Domenica 17 novembre 2024 il presidente Usa Joe Biden ha autorizzato l’utilizzo di missili Atacms (Army Tactical Missile Systems), concessi all’Ucraina, sul territorio russo. Prodotti dall’americana Lockeed Martin, sono missili balistici a corto raggio che, a seconda dei modelli, possono colpire fino a 350 chilometri di distanza, anche se tutte le testate giornalistiche si sono affrettate a dire che erano armi a lungo raggio.

Essendo missili balistici, volano molto più in alto nell’atmosfera dei normali proiettili di artiglieria e vanno molto più rapidi, scendendo sulla terra ad altissima velocità con impatto molto maggiore sul bersaglio. Per essere precisi è bene ricordare che sotto i mille chilometri, tutti i missili balistici devono essere considerati a corto raggio e, correttamente, “tattici”.

La mossa Usa

Questa decisione rispondeva a due logiche parallele: (1) complicare l’agenda della nuova amministrazione Trump, rendendo più difficile, se non in modo brusco e politicamente umiliante, una eventuale (ma non certa) Ukrainexit; (2) consentire alle esauste forze ucraine presenti nel saliente di Kursk (in territorio russo, vero!) di poter rispondere, in modo più incisivo, alla potente controffensiva russa, appoggiata dalla carne da macello nordcoreana.

La nuova dottrina nucleare russa

Per tutta risposta lunedì 19 novembre ecco che il presidente russo emana un decreto che aggiorna la dottrina nucleare di Mosca. Dopo la premessa di rito che “le armi nucleari sono una misura di ultima istanza per proteggere la sovranità del Paese” ecco che vengono chiariti i nuovi parametri che consentono l’uso delle armi nucleari. In particolare – si legge – è stata “ampliata la categoria degli Stati e delle alleanze militari soggette a deterrenza nucleare”. È stato aggiunto l’elenco delle minacce militari che richiedono tali azioni per essere neutralizzate.

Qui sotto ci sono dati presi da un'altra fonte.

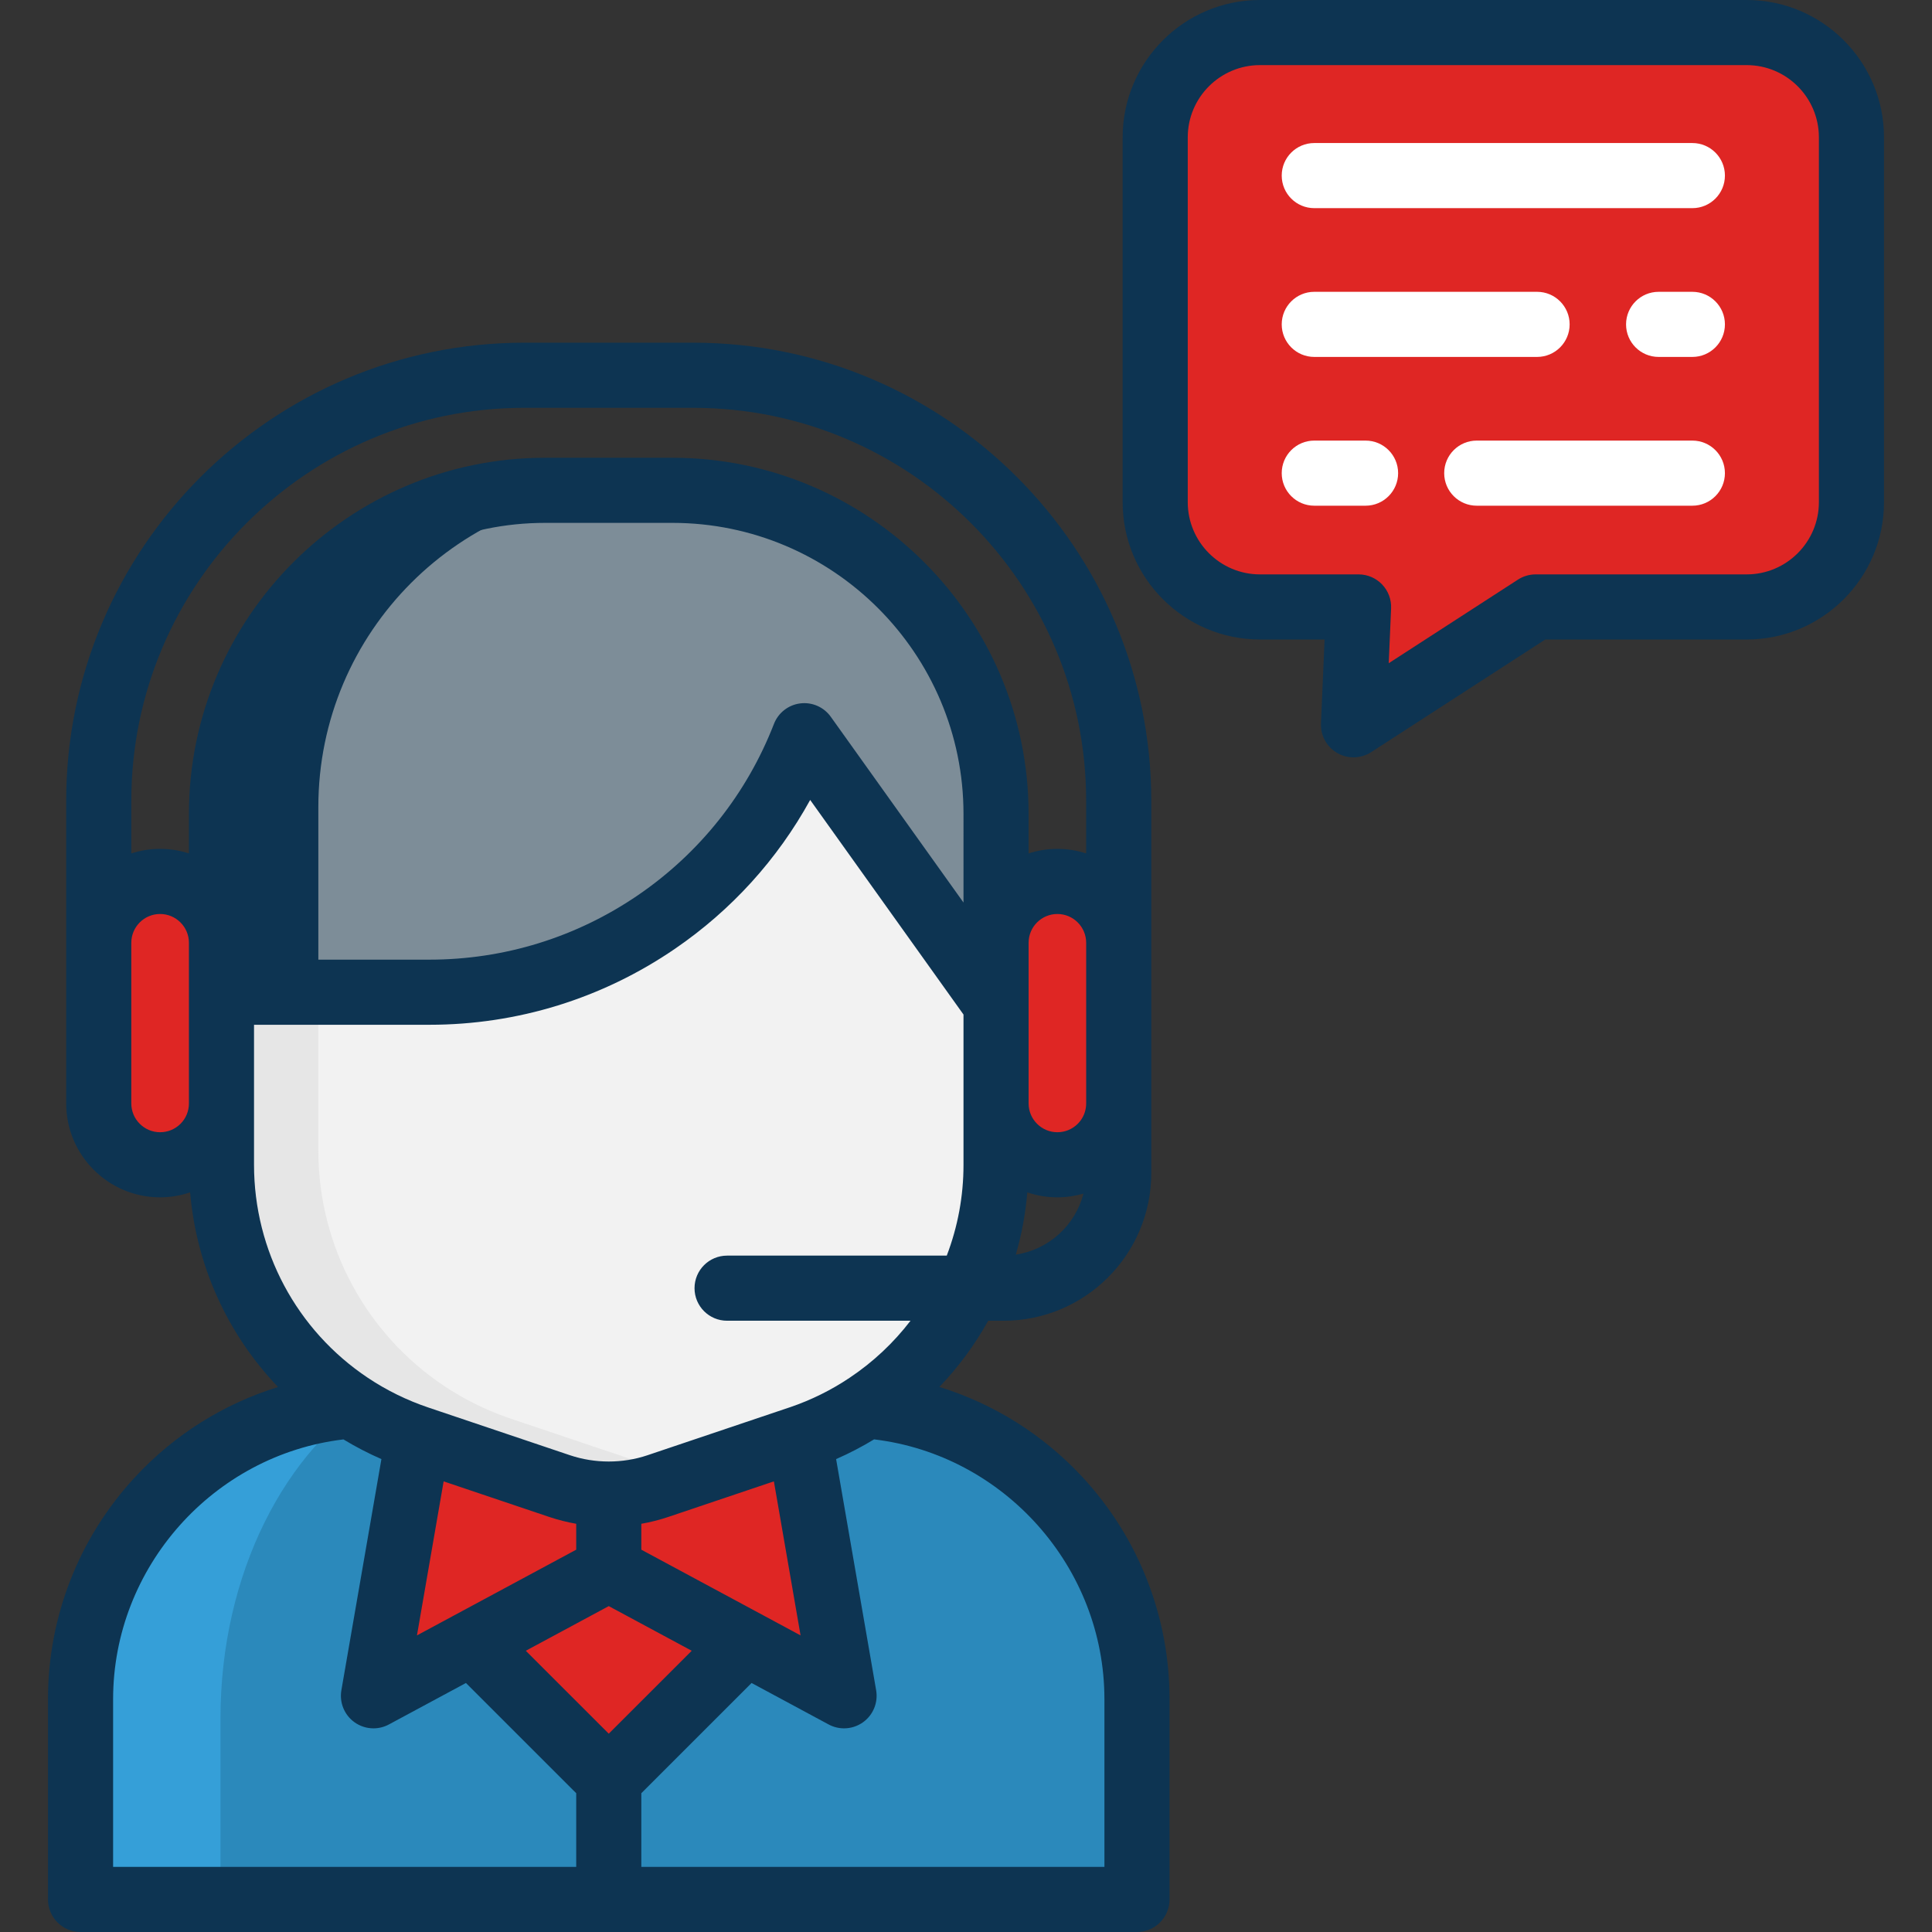 <svg width="455" height="455" viewBox="0 0 455 455" fill="none" xmlns="http://www.w3.org/2000/svg">
<rect x="0" y="0" width="455" height="455" fill="#333333" stroke="none"/>
<path d="M436.028 32.344V118.267C436.028 131.894 424.977 142.935 411.349 142.935H361.656L318.76 170.69L319.589 151.409L319.957 142.935H296.73C283.103 142.935 272.052 131.894 272.052 118.267V32.344C272.052 18.717 283.102 7.666 296.73 7.666H411.349C424.977 7.666 436.028 18.717 436.028 32.344Z" fill="#DF2624"/>
<path d="M287.204 118.267V32.344C287.204 18.717 302.801 7.666 322.034 7.666H306.884C287.652 7.666 272.055 18.716 272.055 32.344V118.267C272.055 131.894 287.652 142.935 306.884 142.935H322.034C302.801 142.935 287.204 131.894 287.204 118.267Z" fill="#DF2624"/>
<path d="M266.186 408.024V447.331H20.551V408.024C20.551 378.572 35.639 352.657 58.509 337.578C66.104 332.559 74.559 328.735 83.616 326.384C88.421 329.605 93.696 332.202 99.37 334.123H187.368C193.021 332.201 198.306 329.594 203.111 326.384C212.138 328.736 220.582 332.538 228.157 337.548C236.111 342.762 243.123 349.304 248.889 356.849C259.745 371.048 266.186 388.774 266.186 408.024Z" fill="#2B89BB"/>
<path d="M51.924 404.712C51.924 370.586 67.21 341.212 89.19 327.947C87.513 327.023 85.879 326.041 84.3 324.984C47.754 334.491 20.755 367.716 20.755 407.247V447.566H52.037C51.965 446.656 51.924 445.737 51.924 444.806V404.712Z" fill="#359FD8"/>
<path d="M111.775 381.275L89.078 393.481L99.372 334.117L132.024 345.114C135.709 346.352 139.524 346.961 143.368 346.961V364.267L111.775 381.275Z" fill="#DF2624"/>
<path d="M187.365 334.118L197.64 393.482L174.944 381.276L143.368 364.269V346.963C147.183 346.963 151.027 346.354 154.693 345.116L187.346 334.119H187.365V334.118Z" fill="#DF2624"/>
<path d="M174.943 381.275L143.368 412.85L111.774 381.275L143.368 364.269L174.943 381.275Z" fill="#DF2624"/>
<path d="M261.015 219.78V259.118C261.015 265.68 255.69 270.996 249.137 270.996H244.581C238.019 270.996 232.703 265.68 232.703 259.118V233.927V217.502C232.703 210.94 238.019 205.624 244.581 205.624H249.137C255.69 205.624 261.015 210.94 261.015 217.502V219.78Z" fill="#DF2624"/>
<path d="M54.015 231.181V259.119C54.015 265.681 48.699 270.997 42.146 270.997H37.581C31.019 270.997 25.712 265.681 25.712 259.119V219.781V217.503C25.712 210.941 31.018 205.625 37.581 205.625H42.146C48.699 205.625 54.015 210.941 54.015 217.503V231.181Z" fill="#DF2624"/>
<path d="M265.107 217.632V259.568C265.107 266.181 259.742 271.536 253.139 271.536H249.833V205.664H253.139C259.742 205.664 265.107 211.02 265.107 217.632Z" fill="#DF2624"/>
<path d="M21.866 217.632V259.568C21.866 266.181 27.232 271.536 33.835 271.536H37.141V205.664H33.835C27.233 205.664 21.866 211.02 21.866 217.632Z" fill="#DF2624"/>
<path d="M226.318 299.459C221.191 310.297 213.184 319.644 203.105 326.384C198.306 329.59 193.017 332.206 187.364 334.119H187.346L154.693 345.116C151.027 346.354 147.184 346.963 143.368 346.963C139.524 346.963 135.709 346.354 132.024 345.116L99.372 334.119C93.7 332.207 88.422 329.6 83.612 326.384C65.433 314.243 54.015 293.619 54.015 270.997V259.119V231.181H101.996C140.255 231.181 174.606 207.687 188.471 172.015L232.702 233.928V259.119V270.997C232.703 281.066 230.435 290.749 226.318 299.459Z" fill="#F2F2F2"/>
<path d="M232.704 190.061V233.928L188.473 172.015C174.608 207.686 140.257 231.181 101.998 231.181H54.016V190.061C54.016 148.829 87.448 115.39 128.687 115.39H158.031C159.766 115.39 161.491 115.446 163.197 115.567C202.028 118.221 232.704 150.564 232.704 190.061Z" fill="#7D8D98"/>
<path d="M152.982 345.116L120.329 334.119C114.658 332.207 109.38 329.6 104.569 326.384C86.391 314.243 74.972 293.619 74.972 270.997V259.119V231.181H54.016V259.119V270.997C54.016 293.619 65.434 314.244 83.613 326.384C88.422 329.6 93.701 332.206 99.373 334.119L132.025 345.116C135.709 346.354 139.525 346.963 143.368 346.963C146.889 346.963 150.432 346.438 153.838 345.385C153.553 345.296 153.266 345.212 152.982 345.116Z" fill="#E6E6E6"/>
<path d="M149.644 115.39H128.687C87.446 115.39 54.016 148.83 54.016 190.061V231.181H74.972V190.061C74.972 148.83 108.403 115.39 149.644 115.39Z" fill="#0D3452"/>
<path d="M398.564 33.686H309.521C305.286 33.686 301.854 37.119 301.854 41.353C301.854 45.588 305.286 49.021 309.521 49.021H398.564C402.8 49.021 406.232 45.588 406.232 41.353C406.232 37.119 402.8 33.686 398.564 33.686Z" fill="white"/>
<path d="M398.563 103.762H347.786C343.55 103.762 340.118 107.195 340.118 111.43C340.118 115.664 343.55 119.097 347.786 119.097H398.563C402.799 119.097 406.231 115.664 406.231 111.43C406.231 107.195 402.799 103.762 398.563 103.762Z" fill="white"/>
<path d="M321.601 103.762H309.521C305.286 103.762 301.854 107.195 301.854 111.43C301.854 115.664 305.286 119.097 309.521 119.097H321.601C325.836 119.097 329.268 115.664 329.268 111.43C329.268 107.195 325.836 103.762 321.601 103.762Z" fill="white"/>
<path d="M398.564 68.725H390.617C386.381 68.725 382.949 72.157 382.949 76.392C382.949 80.627 386.381 84.059 390.617 84.059H398.564C402.799 84.059 406.232 80.627 406.232 76.392C406.232 72.157 402.799 68.725 398.564 68.725Z" fill="white"/>
<path d="M309.521 84.059H361.993C366.229 84.059 369.661 80.626 369.661 76.391C369.661 72.157 366.229 68.724 361.993 68.724H309.521C305.286 68.724 301.854 72.157 301.854 76.391C301.854 80.626 305.286 84.059 309.521 84.059Z" fill="white"/>
<path d="M411.355 0H296.731C278.898 0 264.39 14.508 264.39 32.341V118.265C264.39 136.098 278.897 150.607 296.731 150.607H311.95L311.1 170.364C310.977 173.229 312.462 175.923 314.953 177.348C316.134 178.025 317.448 178.36 318.761 178.36C320.213 178.36 321.662 177.948 322.926 177.13L363.919 150.607H411.356C429.189 150.607 443.698 136.098 443.698 118.265V32.341C443.696 14.508 429.188 0 411.355 0ZM428.362 118.265C428.362 127.643 420.733 135.272 411.356 135.272H361.654C360.177 135.272 358.73 135.699 357.489 136.502L327.058 156.191L327.614 143.268C327.704 141.18 326.937 139.146 325.491 137.636C324.044 136.126 322.045 135.272 319.955 135.272H296.731C287.354 135.272 279.725 127.643 279.725 118.265V32.341C279.725 22.964 287.354 15.335 296.731 15.335H411.355C420.732 15.335 428.361 22.964 428.361 32.341V118.265H428.362Z" fill="#0D3452"/>
<path d="M18.969 455H267.766C272.002 455 275.434 451.567 275.434 447.333V400.187C275.434 380.691 268.134 362.09 254.881 347.813C245.601 337.816 233.997 330.582 221.226 326.638C225.703 321.964 229.576 316.727 232.729 311.042H236.357C255.534 311.042 271.135 295.441 271.135 276.264V188.61C271.135 129.112 222.736 80.707 163.246 80.707H123.491C63.994 80.707 15.589 129.112 15.589 188.61V259.871C15.589 272.063 25.508 281.983 37.701 281.983C40.144 281.983 42.52 281.568 44.774 280.811C46.254 298.131 53.607 314.262 65.484 326.652C52.721 330.597 41.122 337.83 31.847 347.825C18.598 362.102 11.302 380.698 11.302 400.188V447.333C11.303 451.567 14.735 455 18.969 455ZM143.368 378.251L162.905 388.766L143.368 408.296L123.83 388.766L143.368 378.251ZM98.197 385.147L104.48 348.875L129.34 357.25C131.42 357.95 133.546 358.482 135.702 358.863V364.962L98.197 385.147ZM151.036 364.963V358.863C153.19 358.483 155.312 357.95 157.386 357.251L182.256 348.873L188.539 385.149L151.036 364.963ZM260.1 400.187V439.665H151.036V422.315L177.004 396.356L195.148 406.122C196.289 406.735 197.537 407.038 198.782 407.038C200.361 407.038 201.933 406.551 203.265 405.593C205.645 403.878 206.839 400.955 206.338 398.064L196.909 343.627C200.001 342.276 202.989 340.723 205.849 338.982C236.464 342.651 260.1 369.062 260.1 400.187ZM226.91 212.553L195.656 168.807C194.019 166.516 191.262 165.304 188.463 165.656C185.669 166.007 183.29 167.861 182.271 170.486C175.888 186.907 164.829 200.846 150.288 210.797C135.746 220.746 118.747 226.005 101.129 226.005H59.825V191.703C59.825 153.898 90.582 123.141 128.387 123.141H158.349C196.154 123.141 226.911 153.898 226.911 191.703L226.91 212.553ZM239.227 295.471C240.622 290.697 241.519 285.8 241.942 280.812C244.167 281.567 246.547 281.982 249.022 281.982C251.129 281.982 253.189 281.676 255.163 281.107C253.236 288.583 246.978 294.316 239.227 295.471ZM255.799 259.87C255.799 260.236 255.772 260.589 255.711 260.958C255.487 262.363 254.828 263.651 253.831 264.654C252.54 265.939 250.832 266.648 249.022 266.648C245.286 266.648 242.244 263.608 242.244 259.87V222.029C242.244 218.292 245.286 215.251 249.022 215.251C252.759 215.251 255.799 218.292 255.799 222.029V259.87ZM44.491 259.87C44.491 261.679 43.784 263.387 42.521 264.655C41.23 265.94 39.518 266.648 37.701 266.648C33.964 266.648 30.923 263.608 30.923 259.87V222.029C30.923 218.292 33.964 215.251 37.701 215.251C41.445 215.251 44.491 218.292 44.491 222.029V259.87ZM44.491 191.703V200.987C42.35 200.295 40.07 199.918 37.701 199.918C35.337 199.918 33.061 200.295 30.923 200.986V188.611C30.923 137.569 72.448 96.043 123.49 96.043H163.244C214.279 96.043 255.799 137.568 255.799 188.611V200.986C253.662 200.295 251.385 199.919 249.021 199.919C246.658 199.919 244.382 200.296 242.244 200.986V191.705C242.244 145.444 204.608 107.808 158.347 107.808H128.385C82.126 107.807 44.491 145.443 44.491 191.703ZM59.825 274.315V259.871V241.341H101.13C121.853 241.341 141.845 235.155 158.948 223.453C172.275 214.335 183.114 202.368 190.802 188.391L226.911 238.932V274.315C226.911 281.711 225.574 288.881 222.969 295.707H171.234C166.999 295.707 163.567 299.14 163.567 303.375C163.567 307.609 166.999 311.042 171.234 311.042H214.435C210.436 316.255 205.596 320.805 200.074 324.486C195.758 327.384 191.039 329.717 186.043 331.42C185.97 331.442 185.896 331.466 185.824 331.489L152.485 342.72C146.65 344.69 140.095 344.691 134.234 342.718L100.899 331.488C95.84 329.783 91.04 327.428 86.634 324.486C69.847 313.275 59.825 294.518 59.825 274.315ZM26.637 400.187C26.637 369.061 50.273 342.651 80.884 338.991C83.754 340.732 86.742 342.28 89.826 343.627L80.398 398.063C79.897 400.954 81.09 403.877 83.471 405.593C84.803 406.551 86.374 407.038 87.953 407.038C89.198 407.038 90.448 406.736 91.588 406.122L109.734 396.357L135.702 422.316V439.667H26.637V400.187Z" fill="#0D3452"/>
</svg>

L’aggressione di qualsiasi Stato non nucleare, ma con la partecipazione o il sostegno di un paese nucleare, sarà considerata un attacco congiunto alla Federazione Russa: “una risposta nucleare da parte della Russia è possibile in caso di minaccia critica alla sua sovranità, anche con armi convenzionali, in caso di attacco alla Bielorussia, come membro dello Stato dell’Unione, in caso di lancio massiccio di armi nucleari, aerei militari, missili da crociera, droni e altri velivoli e il loro attraversamento del confine russo”.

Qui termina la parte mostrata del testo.